EXERCISE BRIEF ::
Please state how many lines in the records that follow include "vine", with no other output.
** MATERIAL TO PROCESS follows **
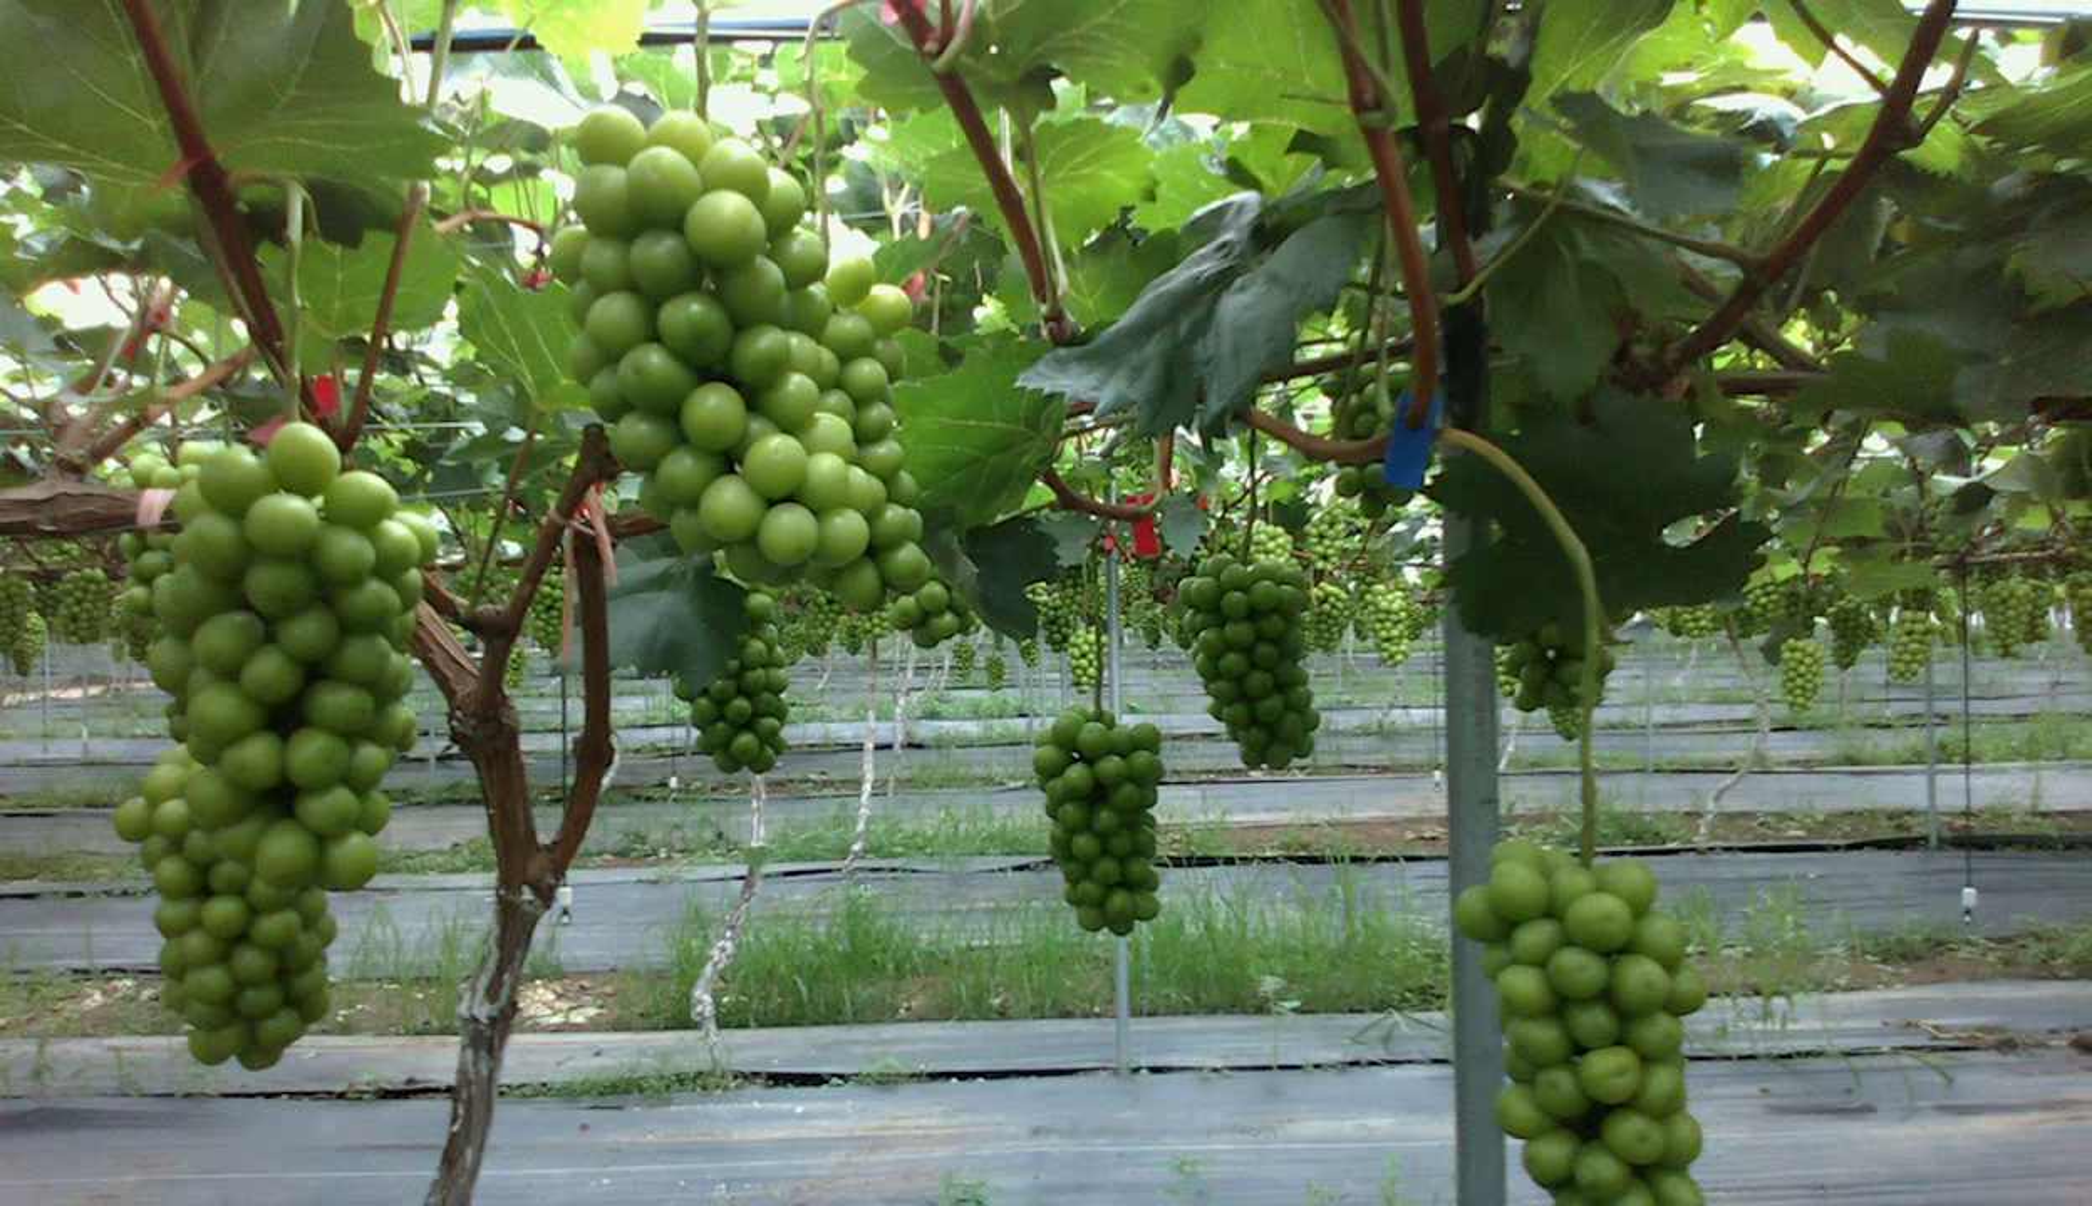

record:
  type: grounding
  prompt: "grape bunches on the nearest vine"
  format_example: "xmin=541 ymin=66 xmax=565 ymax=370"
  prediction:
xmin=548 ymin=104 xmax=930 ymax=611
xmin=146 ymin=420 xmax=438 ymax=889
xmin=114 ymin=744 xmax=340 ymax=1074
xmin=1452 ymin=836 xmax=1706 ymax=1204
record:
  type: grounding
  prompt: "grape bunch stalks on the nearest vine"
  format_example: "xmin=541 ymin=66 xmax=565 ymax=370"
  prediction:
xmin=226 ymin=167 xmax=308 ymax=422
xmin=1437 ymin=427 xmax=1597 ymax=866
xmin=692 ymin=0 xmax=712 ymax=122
** End of MATERIAL TO PROCESS **
THE COMPLETED TASK ::
2